Die genannten Probleme treffen die große Mehrheit der Frauen, die eine Grundlage für ihren Gleichheitswunsch suchen und daher eine Wiederaufnahme der Berufstätigkeit nach einer Unterbrechung anstreben. Nicht zuletzt aus diesem Motiv heraus werden immer seltener mehr als zwei Kinder geboren. Hier kann eingewendet werden, dass Frauen "früher" auch gearbeitet haben. Das ist natürlich richtig; allerdings zeigen alle empirischen Studien zur Erwerbsarbeit von Müttern bis in die 1960er Jahre, dass die materielle Not das entscheidende Motiv dafür war. (Hoch qualifizierte Frauen mussten in der Regel auf Ehe und Mutterschaft verzichten, wenn sie berufstätig bleiben wollten.) Seitdem jedoch wandelt sich die Erwerbstätigkeit von Frauen von "einer zweckgebundenen Übergangstätigkeit zu einer ( … ) berufsorientierten Dauertätigkeit" (Schmid 1979). Es geht seit den 1970er/1980er Jahren für Frauen immer weniger darum, das Familienbudget zu erhöhen, sondern zunehmend ausgeprägter um die subjektiv befriedigenden Aspekte von Arbeit, um den Bezug zu öffentlichen Sphären, um den eigenen Erfahrungsbereich, die "Bewährung" im Beruf – und das gilt auch für die unteren und mittleren Qualifikationsstufen. Berufstätige Frauen verbinden also ihre Erwerbsarbeit mit einem spezifischen subjektiven Sinn.
Diese Prozesse sind Teil des gesellschaftlichen Wandels in Richtung post-industrielle Gesellschaft, denn das Geschlechterverhältnis wird dabei in anderer Weise thematisiert und reguliert als im industriegesellschaftlichen Kontext. Es spiegelt sich die Veränderung des subjektiven Sinns von Berufstätigkeit auch in den öffentlich kommunizierten Leitbildern, an denen sich das individuelle Handeln implizit orientiert; während bislang eine krasse Alternative zwischen der "guten Mutter" und der "berufstätigen Frau" gesehen wurde, setzt sich nun das (post-industrielle) Leitbild der berufstätigen Mutter durch. Eine außerhäusliche Tätigkeit schadet demnach dem Kind nicht. Dass dieses Leitbild heute das bei weitem dominante ist, ist empirisch belegt, und daran können auch publizistische Schlachten, die immer wieder neu eröffnet werden, nichts ändern. Zur Illustration ein prägnantes Zitat aus einer Studie, die in meinem Arbeitsbereich kürzlich abgeschlossen wurde: "Je berufstätiger ich bin, desto besser bin ich als Mutter."
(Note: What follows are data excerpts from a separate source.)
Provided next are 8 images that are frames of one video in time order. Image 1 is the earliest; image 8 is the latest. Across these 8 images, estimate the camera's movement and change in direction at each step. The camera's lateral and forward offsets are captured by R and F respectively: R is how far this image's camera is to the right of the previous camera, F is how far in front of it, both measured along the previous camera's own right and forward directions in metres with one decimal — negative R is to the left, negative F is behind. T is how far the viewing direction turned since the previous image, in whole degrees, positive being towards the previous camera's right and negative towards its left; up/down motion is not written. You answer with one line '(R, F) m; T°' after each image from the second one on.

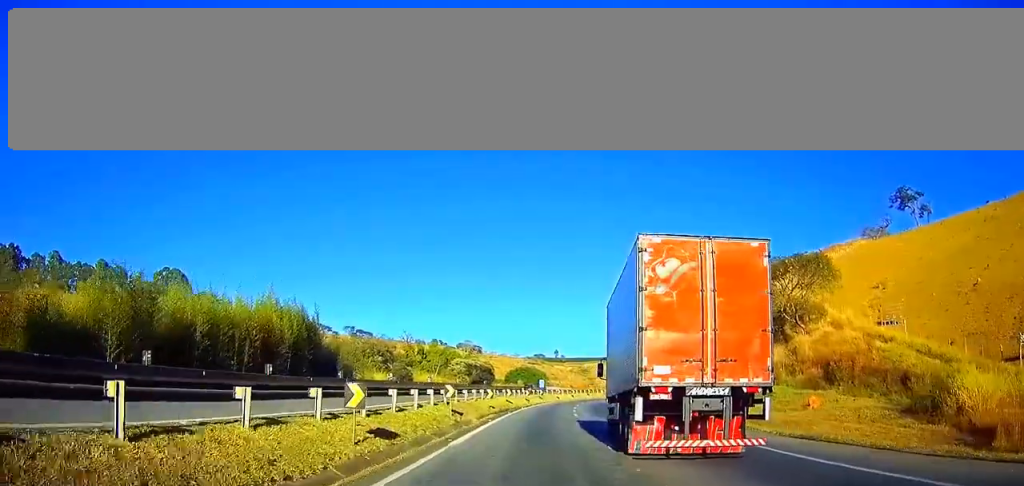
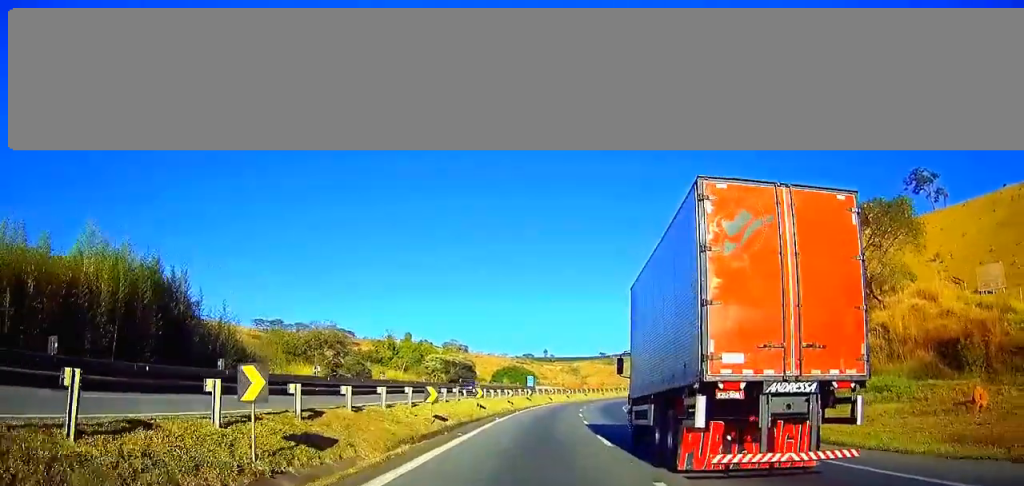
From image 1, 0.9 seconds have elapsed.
(+0.1, +20.9) m; +1°
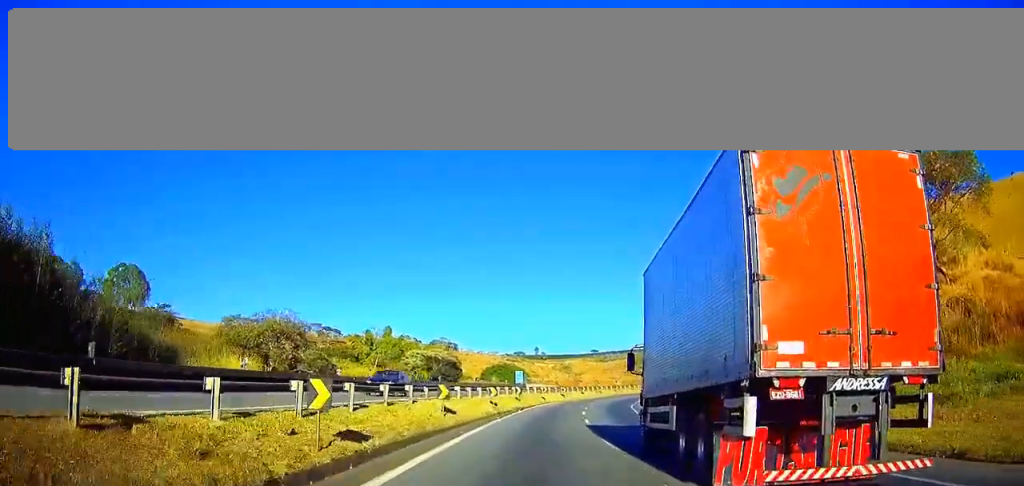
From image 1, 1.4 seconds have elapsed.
(+0.2, +11.8) m; 0°
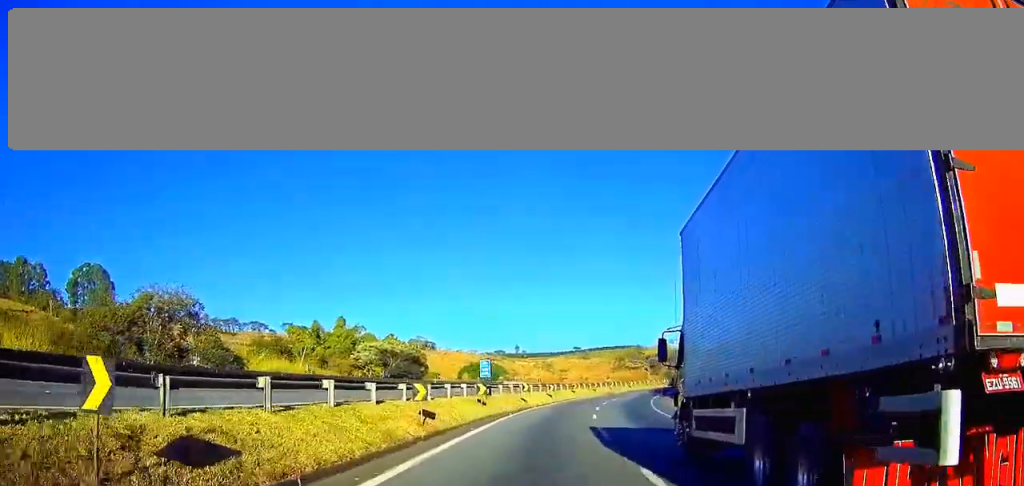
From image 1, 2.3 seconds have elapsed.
(+0.1, +21.4) m; +2°
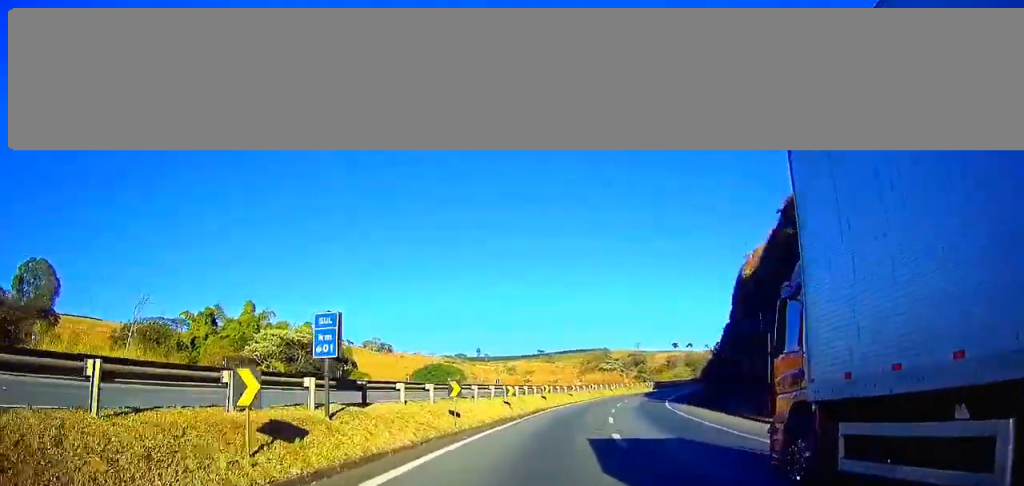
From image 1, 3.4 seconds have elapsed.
(+0.7, +25.5) m; +3°
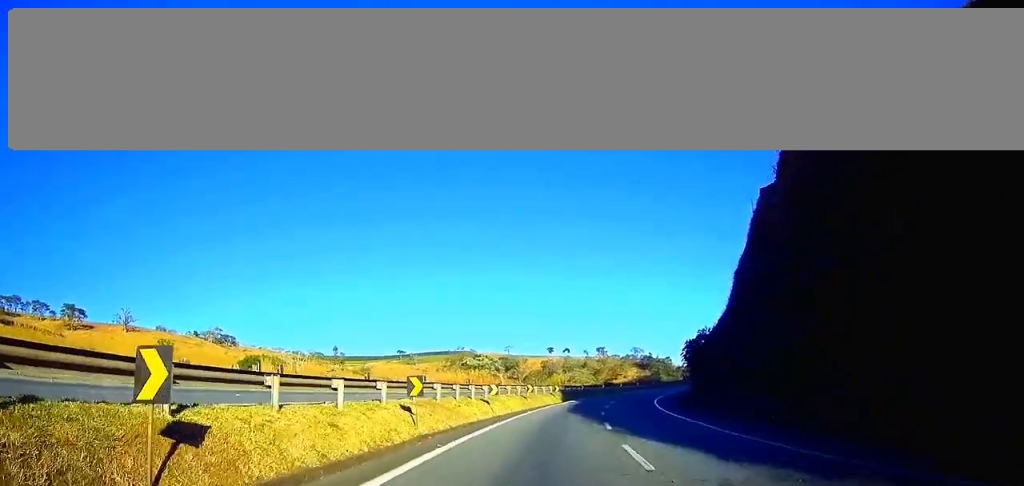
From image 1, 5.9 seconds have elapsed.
(+5.3, +60.8) m; +11°
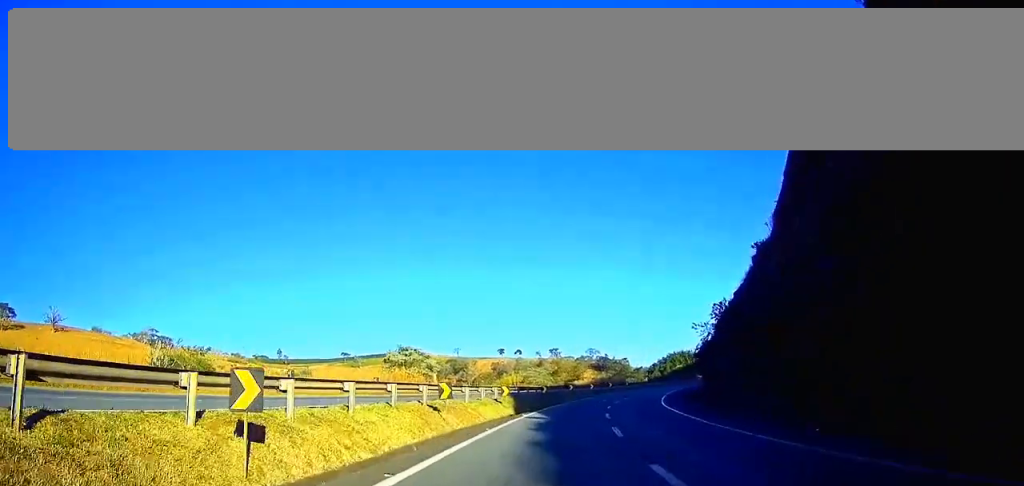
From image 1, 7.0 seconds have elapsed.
(+1.1, +26.9) m; +5°
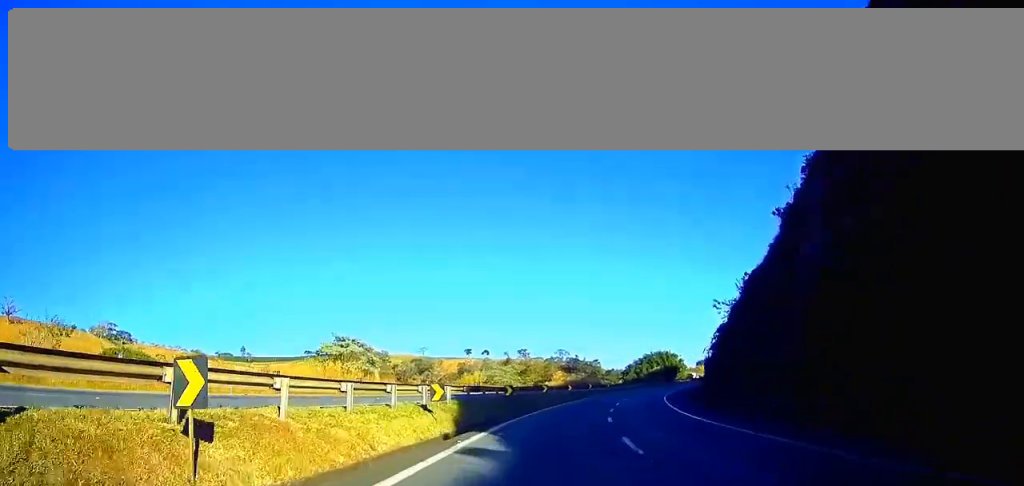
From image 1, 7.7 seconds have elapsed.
(+0.2, +16.4) m; +3°

Zugleich wird der eigenständige Berufsverlauf von Frauen auch institutionell gefordert; während im industriegesellschaftlich geprägten "Modell Deutschland" die Institutionen einschließlich der Tarifpolitik so gebaut waren, dass ab dem Facharbeiterniveau ein Familienlohn gezahlt wurde, soll heute tendenziell jeder und jede Erwachsene für den eigenen Lebensunterhalt erwerbstätig sein. So nimmt die Sozial- und Arbeitsmarktpolitik zunehmend den "adult worker" (Lewis 2004) in den Blick – die erwachsene Person, die unabhängig von Geschlecht und Lebensform erwerbstätig ist. In der Renten- und der Arbeitslosenversicherung wird zunehmend der je individuelle Beitrag für die Absicherung relevant, die überkommene ehebezogene Absicherung verheirateter Frauen ist schon jetzt vielfach nicht mehr "armutsfest". Konzeptionell kann hinter dieser Tendenz der Übergang vom "sorgenden Wohlfahrtsstaat", der dem einzelnen Erwerbstätigen Stabilität und Erwartungssicherheit bot, zum "aktivierenden Wohlfahrtsstaat" identifiziert werden (vgl. die Beiträge in Evers/Heinze 2008), der von den Erwerbstätigen aktive Erwerbsstrategien, Mobilität, Innovationsbereitschaft – insgesamt die Fähigkeit, mit Unsicherheit produktiv umzugehen, erwartet.